Assuming a realistic:

  • TL mixture of 75% Analog TLs & 25% Binary TLs, with a
  • Polling frequency mixture of (5%-1min / 70%-5min / 20%-15min / 5%-hourly)

we can calculate the storage required to save 5 years of data:

TL Polling
Frequency
Analog TLs
(75%)
Required
Storage
Binary TLs
(25%)
Required
Storage
1 minute 5% of 3750= 188 5.55GB 5% of 1250 = 63 1.39GB
5 minute 70% of 3750 = 2625 15.87GB 70% of 1250 = 875 4.01GB
15 minute 20% of 3750 = 750 1.60GB 20% of 1250 = 250 0.41GB
Hourly 5% of 3750= 188 0.12GB 5% of 1250 = 63 0.03GB
  Total 23.14GB Total 5.84GB
Grand Total = 28.98 or 72% of allotted space

Storage Time-frame

The Coppercube is designed for long-term (5-year) trend log storage, with an auto-pruning feature to ensure new data will not be lost due to old data consuming all the available storage space. If you require permanent archival of trend log data, both the Kaizen Vault (cloud-based storage) and the Coppercube SQL-Connector (optional feature) provide convenient methods to continuously send trend log data to additional storage locations.

More Information

The Inverse – How much could it hold?

Saying the Coppercube can hold 5000 TLs for 5 years, is all-fine-&-dandy, but I like big numbers. How many samples can it hold?

How many samples a Coppercube can hold is the inverse of the original question addressed by this article.

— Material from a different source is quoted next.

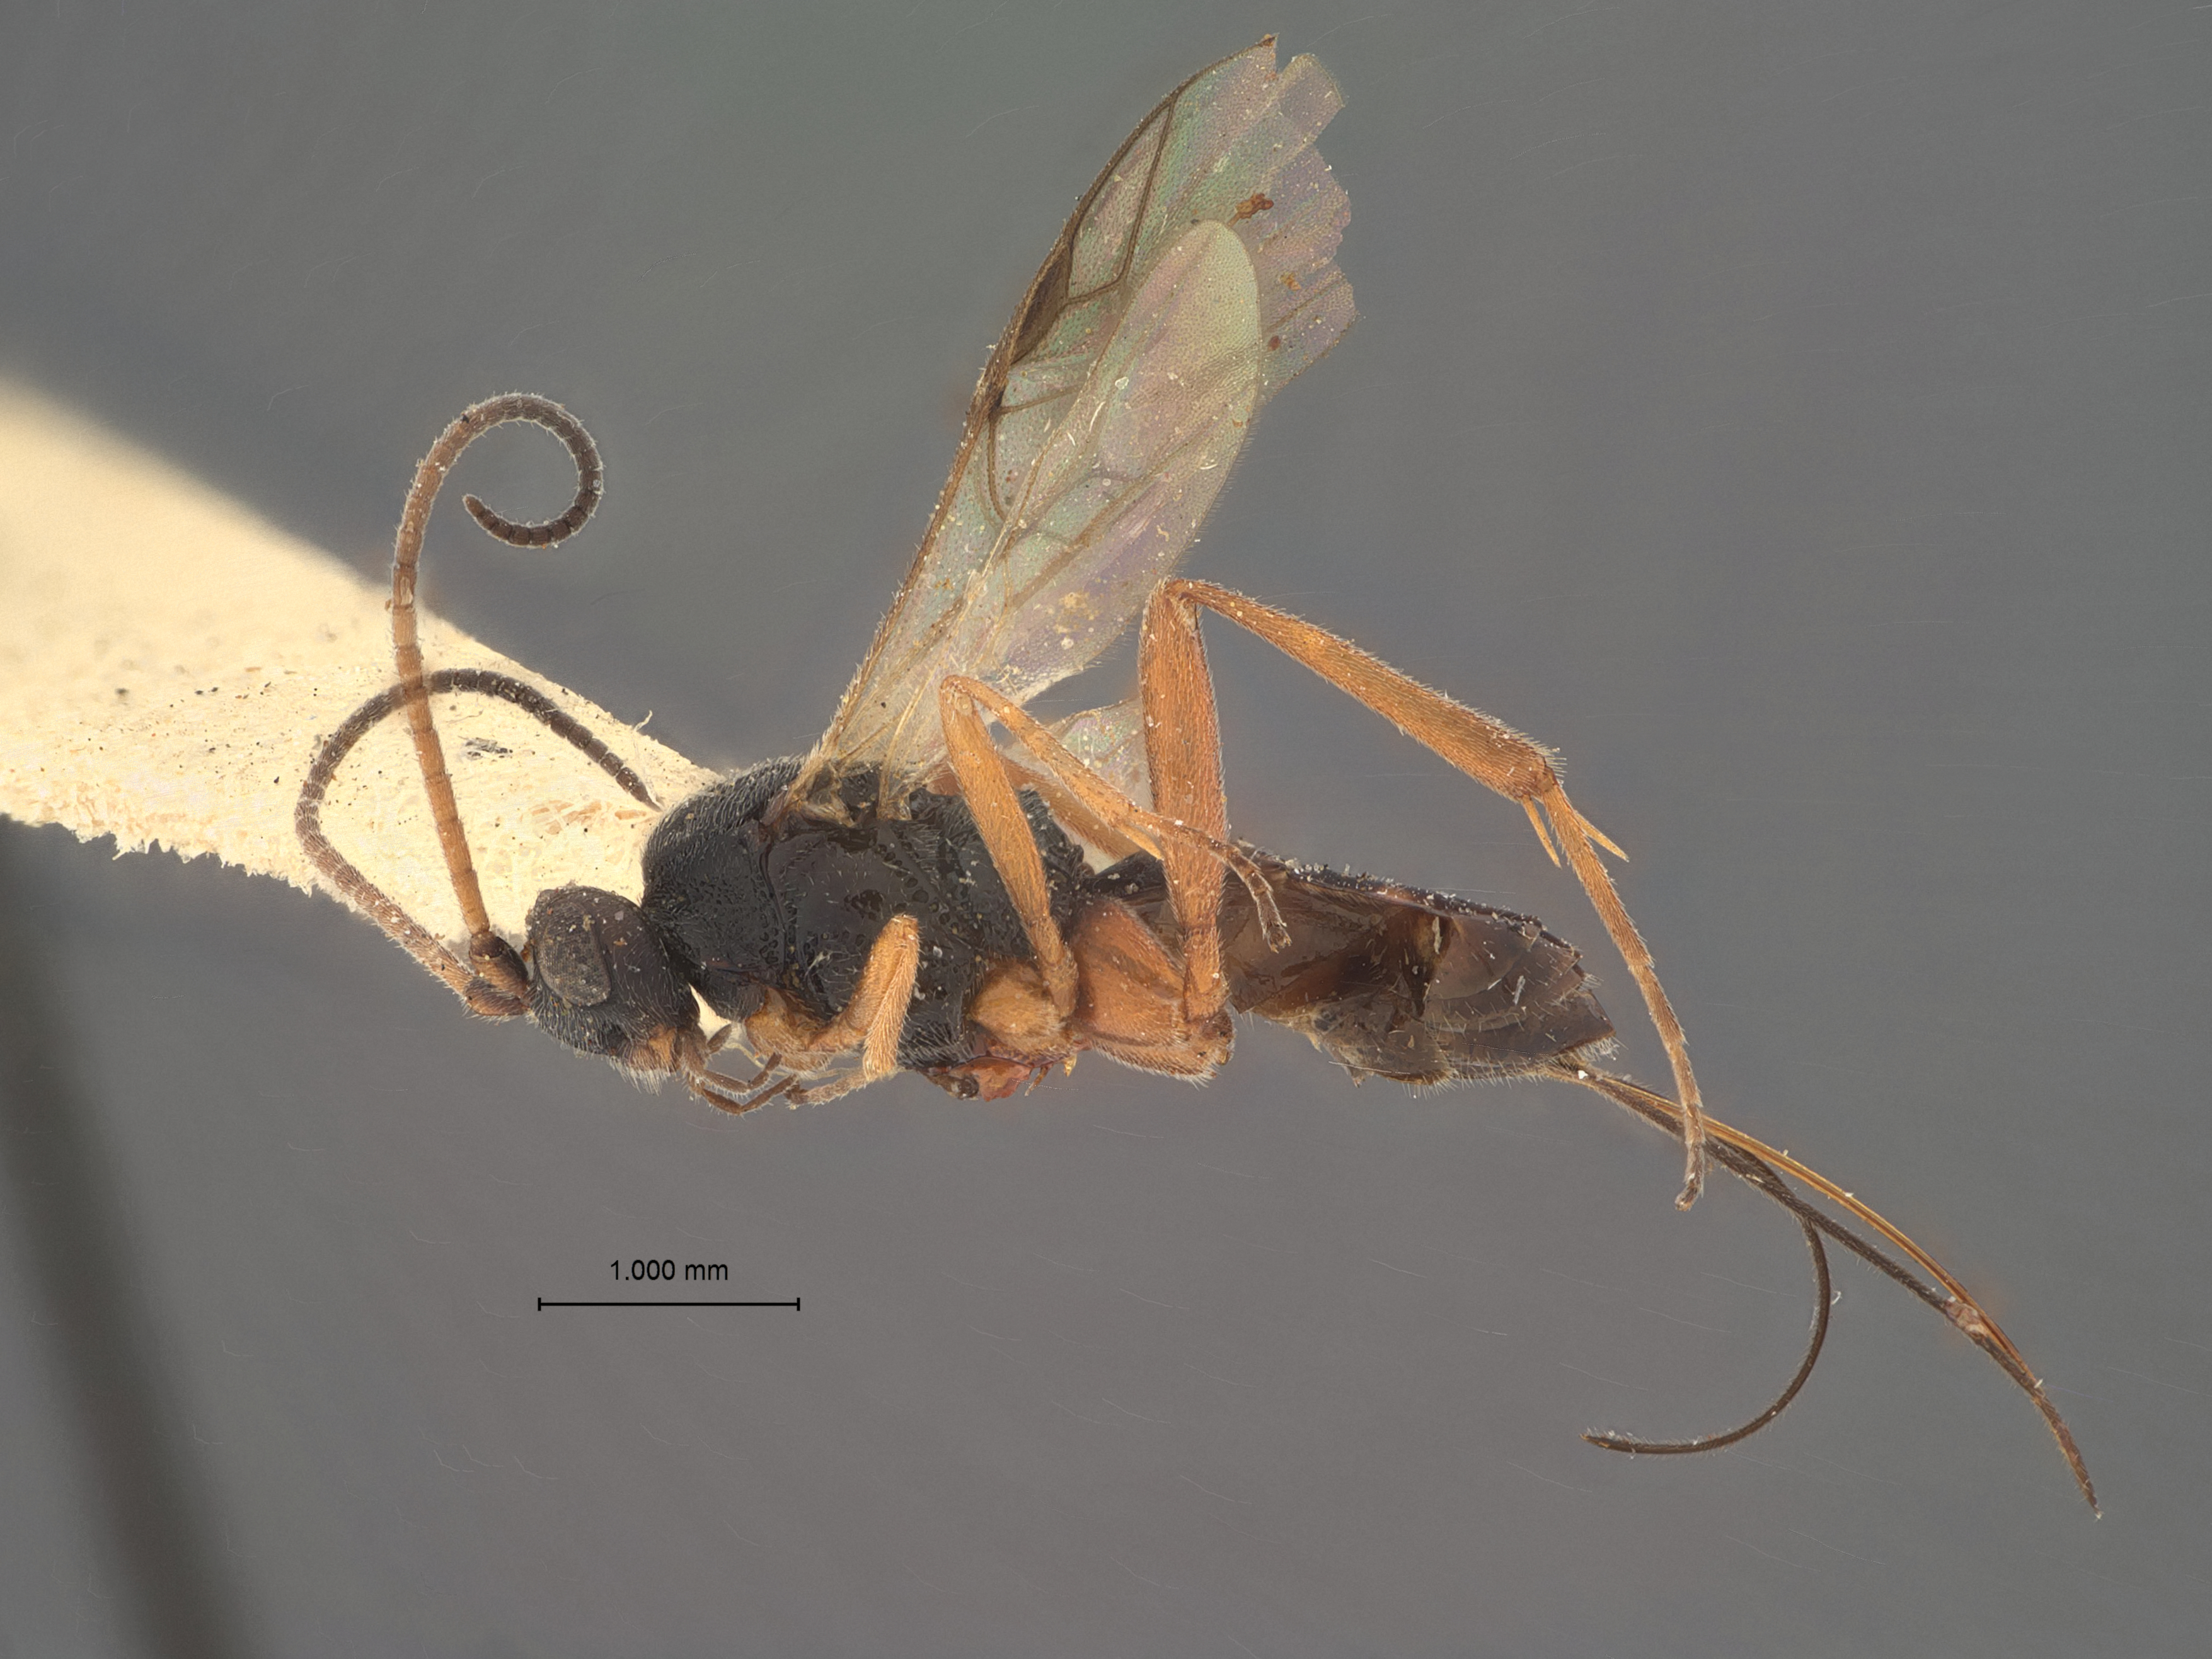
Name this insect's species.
Orgilus erythropus

Using the same knowledge about sample sizes, sampling frequencies, and conservative derating of the device – i.e. allocating only 40GB to TL storage – we can calculate two ends of the sampling spectrum: a 1 min TL vs. a 1 Hour TL:

The fastest TL

  • a 1 min Analog TL is = 1440 samples/day * 365.25 days/year = 525960 samples/yr.
  • the TL consumes 6.0MB/yr of storage space.
  • so the Coppercube’s 40GB could hold:
    • 40GB = 40960MB / 6.0MB = 6826.6 TLyears * 525960 samples/TLyear = 3,590,553,600 samples
    • = 3.6 billion ‘1 min analog’ samples.
  • note: this TL has the best sample-to-overhead ratio

The slow TL

  • a 1 hr Analog TL is = 24 samples/day * 365.25 days/yr = 8766 samples/yr.
  • the TL consumes 138.3K/yr of storage space.
  • so the Coppercube’s 40GB could hold:
    • 40GB = 40960MB / 0.14MB = 292571.4 TLyears * 8766 samples/TLyear = 2,564,680,892 samples
    • = 2.5 billion ‘hourly analog’ Samples.
  • note: the total sample count is lower due to the lower sample-to-overhead ratio that occurs with all slower frequencies.

So your answer is: a Coppercube could hold ~3 billion samples [+/- a few 100-million].